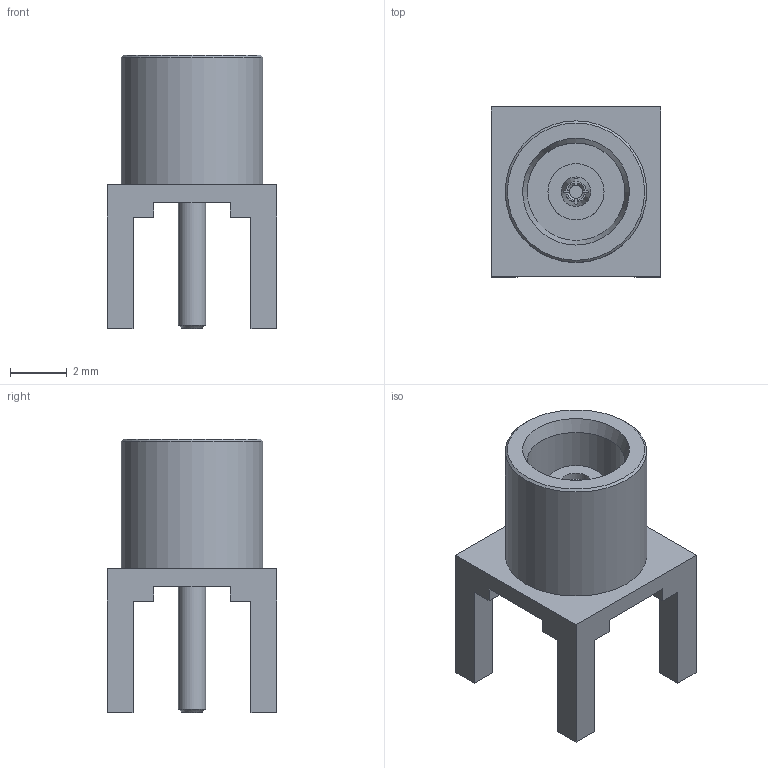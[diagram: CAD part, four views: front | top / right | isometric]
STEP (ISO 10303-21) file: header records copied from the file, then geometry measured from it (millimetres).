
FILE_DESCRIPTION (( 'STEP AP203' ), '1' );
FILE_NAME ('FMCN44270_3D.step', '2022-12-07T16:52:16', ( '' ), ( '' ), 'SwSTEP 2.0', 'SolidWorks 2021', '' );
FILE_SCHEMA (( 'CONFIG_CONTROL_DESIGN' ));
Length unit declared in the file: inch
Products named in the file (1): FMCN44270_3D
Bounding box: 5.99 x 5.99 x 9.65 mm (x, y, z)
Volume: 103.2 mm3; surface area: 317.8 mm2
Topology: 1 solids, 1 shells, 71 faces, 187 edges, 124 vertices
Faces by surface type: plane 56, cone 8, cylinder 7
Full cylindrical faces by diameter (mm): 0.464 x1, 0.965 x1, 1.045 x1, 1.983 x1, 3.302 x1, 3.447 x1, 5 x1
Entity records: 2205 total; most frequent: CARTESIAN_POINT 444, ORIENTED_EDGE 344, DIRECTION 328, EDGE_CURVE 172, VERTEX_POINT 120, VECTOR 120, LINE 120, AXIS2_PLACEMENT_3D 104
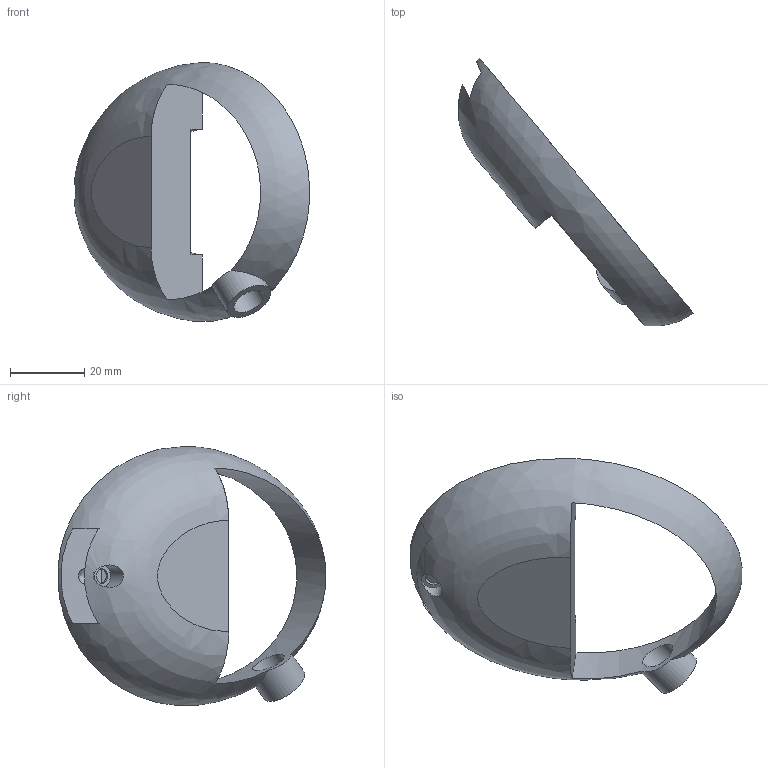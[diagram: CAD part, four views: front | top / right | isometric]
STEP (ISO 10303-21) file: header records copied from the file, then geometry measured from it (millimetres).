
FILE_DESCRIPTION(/* description */ ('STEP AP242','CAx-IF Rec.Pracs.---Representation and Presentation of Product Manufacturing Information (PMI)---4.0---2014-10-13','CAx-IF Rec.Pracs.---3D Tessellated Geometry---0.4---2014-09-14','2;1'),/* implementation_level */ '2;1');
FILE_NAME(/* name */ 'Part Studio 1 - L_Headbar_Slot',/* time_stamp */ '2025-10-16T16:02:30Z',/* author */ (''),/* organization */ (''),/* preprocessor_version */ 'ST-DEVELOPER v20',/* originating_system */ 'ONSHAPE BY PTC INC, 1.205',/* authorisation */ ' ');
FILE_SCHEMA (('AP242_MANAGED_MODEL_BASED_3D_ENGINEERING_MIM_LF { 1 0 10303 442 1 1 4 }'));
Length unit declared in the file: metre
Products named in the file (1): L_Headbar_Slot
Bounding box: 63.21 x 72.1 x 69.73 mm (x, y, z)
Surface area: 12128.4 mm2 (no closed solid volume)
Topology: 0 solids, 1 shells, 24 faces, 65 edges, 43 vertices
Faces by surface type: cylinder 10, plane 9, cone 3, bspline 2
Full cylindrical faces by diameter (mm): 4 x4, 6 x1, 9 x1, 13 x1
Entity records: 1081 total; most frequent: CARTESIAN_POINT 561, DIRECTION 92, ORIENTED_EDGE 88, FACE_BOUND 45, EDGE_CURVE 44, EDGE_LOOP 42, AXIS2_PLACEMENT_3D 40, VERTEX_POINT 37
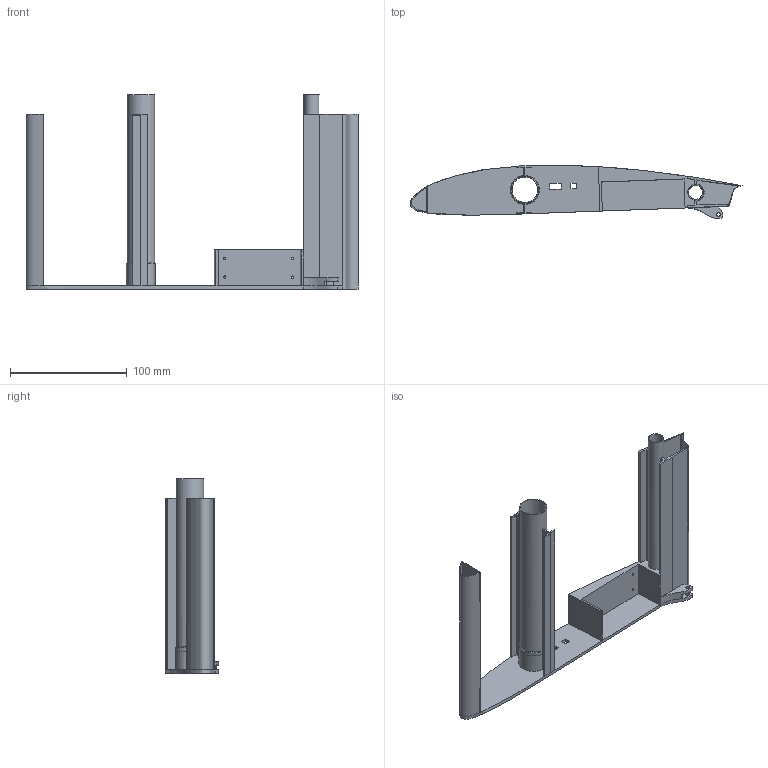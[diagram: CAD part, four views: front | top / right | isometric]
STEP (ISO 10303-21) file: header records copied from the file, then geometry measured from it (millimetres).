
FILE_DESCRIPTION(/* description */ (''),/* implementation_level */ '2;1');
FILE_NAME(/* name */ 'Wing_L_04_Flap_ServoBay.step',/* time_stamp */ '2026-02-09T03:11:42+03:30',/* author */ (''),/* organization */ (''),/* preprocessor_version */ 'ST-DEVELOPER v20.1',/* originating_system */ 'Autodesk Translation Framework v14.21.0.0',/* authorisation */ '');
FILE_SCHEMA (('AUTOMOTIVE_DESIGN { 1 0 10303 214 3 1 1 }'));
Length unit declared in the file: millimetre
Products named in the file (1): 2025-09-13-16-17-17-192
Bounding box: 284.65 x 45.49 x 167 mm (x, y, z)
Volume: 101267.7 mm3; surface area: 124877 mm2
Topology: 1 solids, 1 shells, 112 faces, 308 edges, 201 vertices
Faces by surface type: plane 57, bspline 28, cylinder 22, cone 5
Full cylindrical faces by diameter (mm): 2 x4, 3.2 x2, 12 x1, 13.3 x1, 13.6 x1, 22 x1, 23.5 x1, 23.8 x1
Entity records: 10745 total; most frequent: CARTESIAN_POINT 8107, ORIENTED_EDGE 616, DIRECTION 451, EDGE_CURVE 308, VERTEX_POINT 201, LINE 181, VECTOR 181, AXIS2_PLACEMENT_3D 135

#### [Required work]
Please repeat the lines of the material above exactly, starting with the line that contains "Full cylindrical faces by diameter (mm): 0.464" and ending with the line that contains "FILE_DESCRIPTION(/* description */ ('STEP". Leave the pictures out.

#### [Solution to the problem]
Full cylindrical faces by diameter (mm): 0.464 x1, 0.965 x1, 1.045 x1, 1.983 x1, 3.302 x1, 3.447 x1, 5 x1
Entity records: 2205 total; most frequent: CARTESIAN_POINT 444, ORIENTED_EDGE 344, DIRECTION 328, EDGE_CURVE 172, VERTEX_POINT 120, VECTOR 120, LINE 120, AXIS2_PLACEMENT_3D 104
[diagram: CAD part, four views: front | top / right | isometric]
STEP (ISO 10303-21) file: header records copied from the file, then geometry measured from it (millimetres).
FILE_DESCRIPTION(/* description */ ('STEP AP242','CAx-IF Rec.Pracs.---Representation and Presentation of Product Manufacturing Information (PMI)---4.0---2014-10-13','CAx-IF Rec.Pracs.---3D Tessellated Geometry---0.4---2014-09-14','2;1'),/* implementation_level */ '2;1');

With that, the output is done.